What is being asked:
Look through the records below and collect all lines that hold the string "Clinton".

Working data:
************

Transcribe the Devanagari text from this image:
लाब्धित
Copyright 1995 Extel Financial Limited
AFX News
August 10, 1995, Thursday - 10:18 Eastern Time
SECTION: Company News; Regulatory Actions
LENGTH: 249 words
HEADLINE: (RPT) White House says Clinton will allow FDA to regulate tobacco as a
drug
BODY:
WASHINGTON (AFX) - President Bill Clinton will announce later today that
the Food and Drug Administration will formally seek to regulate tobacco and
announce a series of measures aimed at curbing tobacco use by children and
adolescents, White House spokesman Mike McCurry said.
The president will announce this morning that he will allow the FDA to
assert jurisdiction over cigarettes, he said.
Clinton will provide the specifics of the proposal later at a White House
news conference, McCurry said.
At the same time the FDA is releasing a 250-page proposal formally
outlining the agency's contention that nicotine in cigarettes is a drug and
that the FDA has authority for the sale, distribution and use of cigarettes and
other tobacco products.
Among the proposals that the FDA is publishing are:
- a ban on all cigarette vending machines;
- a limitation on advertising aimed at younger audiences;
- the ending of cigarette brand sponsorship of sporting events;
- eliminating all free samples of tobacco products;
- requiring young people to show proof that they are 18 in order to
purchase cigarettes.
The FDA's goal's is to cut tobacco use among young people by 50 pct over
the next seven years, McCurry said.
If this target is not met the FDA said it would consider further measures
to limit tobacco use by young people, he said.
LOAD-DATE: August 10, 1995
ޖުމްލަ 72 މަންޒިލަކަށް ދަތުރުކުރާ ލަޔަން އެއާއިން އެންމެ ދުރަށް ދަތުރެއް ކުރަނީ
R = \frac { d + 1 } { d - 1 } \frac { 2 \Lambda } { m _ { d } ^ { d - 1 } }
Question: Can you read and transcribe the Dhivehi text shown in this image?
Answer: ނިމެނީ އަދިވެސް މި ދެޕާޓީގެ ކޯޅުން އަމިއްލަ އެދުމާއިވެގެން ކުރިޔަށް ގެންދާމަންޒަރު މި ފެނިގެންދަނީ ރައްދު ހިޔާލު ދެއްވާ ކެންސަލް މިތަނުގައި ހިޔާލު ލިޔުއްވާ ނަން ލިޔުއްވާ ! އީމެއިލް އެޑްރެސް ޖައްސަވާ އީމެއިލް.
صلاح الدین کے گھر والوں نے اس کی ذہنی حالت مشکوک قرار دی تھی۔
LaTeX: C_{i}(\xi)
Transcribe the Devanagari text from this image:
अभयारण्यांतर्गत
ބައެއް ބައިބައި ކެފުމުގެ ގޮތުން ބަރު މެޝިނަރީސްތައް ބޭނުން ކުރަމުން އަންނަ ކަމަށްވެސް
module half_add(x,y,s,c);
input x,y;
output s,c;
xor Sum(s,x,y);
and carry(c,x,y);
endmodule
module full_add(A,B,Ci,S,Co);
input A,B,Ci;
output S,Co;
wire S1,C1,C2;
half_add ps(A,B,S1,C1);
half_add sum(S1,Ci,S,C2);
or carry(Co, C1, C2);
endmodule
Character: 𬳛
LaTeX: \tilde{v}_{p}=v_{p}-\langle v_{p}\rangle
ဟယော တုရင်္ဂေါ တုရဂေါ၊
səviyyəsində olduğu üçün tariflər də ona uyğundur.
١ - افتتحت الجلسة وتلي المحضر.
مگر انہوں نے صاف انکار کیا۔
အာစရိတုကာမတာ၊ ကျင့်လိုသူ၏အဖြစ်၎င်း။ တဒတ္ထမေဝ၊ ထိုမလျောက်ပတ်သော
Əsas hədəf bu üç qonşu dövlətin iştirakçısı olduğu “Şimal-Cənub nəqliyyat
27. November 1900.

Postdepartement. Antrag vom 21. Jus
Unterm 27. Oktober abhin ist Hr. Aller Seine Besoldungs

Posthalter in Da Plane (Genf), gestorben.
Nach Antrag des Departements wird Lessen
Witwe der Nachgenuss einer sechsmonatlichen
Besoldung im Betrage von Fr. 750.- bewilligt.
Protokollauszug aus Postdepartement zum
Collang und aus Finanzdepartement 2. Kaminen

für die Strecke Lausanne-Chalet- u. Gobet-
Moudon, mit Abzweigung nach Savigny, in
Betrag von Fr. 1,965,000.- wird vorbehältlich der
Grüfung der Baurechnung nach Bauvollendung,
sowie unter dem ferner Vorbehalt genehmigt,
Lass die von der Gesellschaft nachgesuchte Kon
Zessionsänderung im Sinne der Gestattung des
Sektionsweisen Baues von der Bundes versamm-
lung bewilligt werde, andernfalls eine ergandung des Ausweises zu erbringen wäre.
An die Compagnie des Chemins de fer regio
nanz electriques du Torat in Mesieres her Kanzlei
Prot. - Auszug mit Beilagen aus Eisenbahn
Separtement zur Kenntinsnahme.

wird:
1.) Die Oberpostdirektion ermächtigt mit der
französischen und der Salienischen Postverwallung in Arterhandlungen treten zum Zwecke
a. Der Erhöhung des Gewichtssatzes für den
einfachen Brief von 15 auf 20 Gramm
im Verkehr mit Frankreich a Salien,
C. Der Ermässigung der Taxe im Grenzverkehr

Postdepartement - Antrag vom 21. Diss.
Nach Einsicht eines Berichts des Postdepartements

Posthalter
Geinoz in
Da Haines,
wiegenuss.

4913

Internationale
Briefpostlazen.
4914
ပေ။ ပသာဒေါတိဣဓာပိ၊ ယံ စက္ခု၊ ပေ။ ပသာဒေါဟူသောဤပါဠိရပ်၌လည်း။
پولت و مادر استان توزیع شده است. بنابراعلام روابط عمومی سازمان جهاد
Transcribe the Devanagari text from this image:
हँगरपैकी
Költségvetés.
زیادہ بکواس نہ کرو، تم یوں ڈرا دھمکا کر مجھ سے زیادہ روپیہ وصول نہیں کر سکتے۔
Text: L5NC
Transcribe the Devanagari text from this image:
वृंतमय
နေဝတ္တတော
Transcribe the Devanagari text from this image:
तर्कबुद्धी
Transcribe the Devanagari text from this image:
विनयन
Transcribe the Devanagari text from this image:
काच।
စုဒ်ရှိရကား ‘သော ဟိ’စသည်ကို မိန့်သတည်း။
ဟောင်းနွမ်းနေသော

************

Expected answer:
HEADLINE: (RPT) White House says Clinton will allow FDA to regulate tobacco as a
WASHINGTON (AFX) - President Bill Clinton will announce later today that
Clinton will provide the specifics of the proposal later at a White House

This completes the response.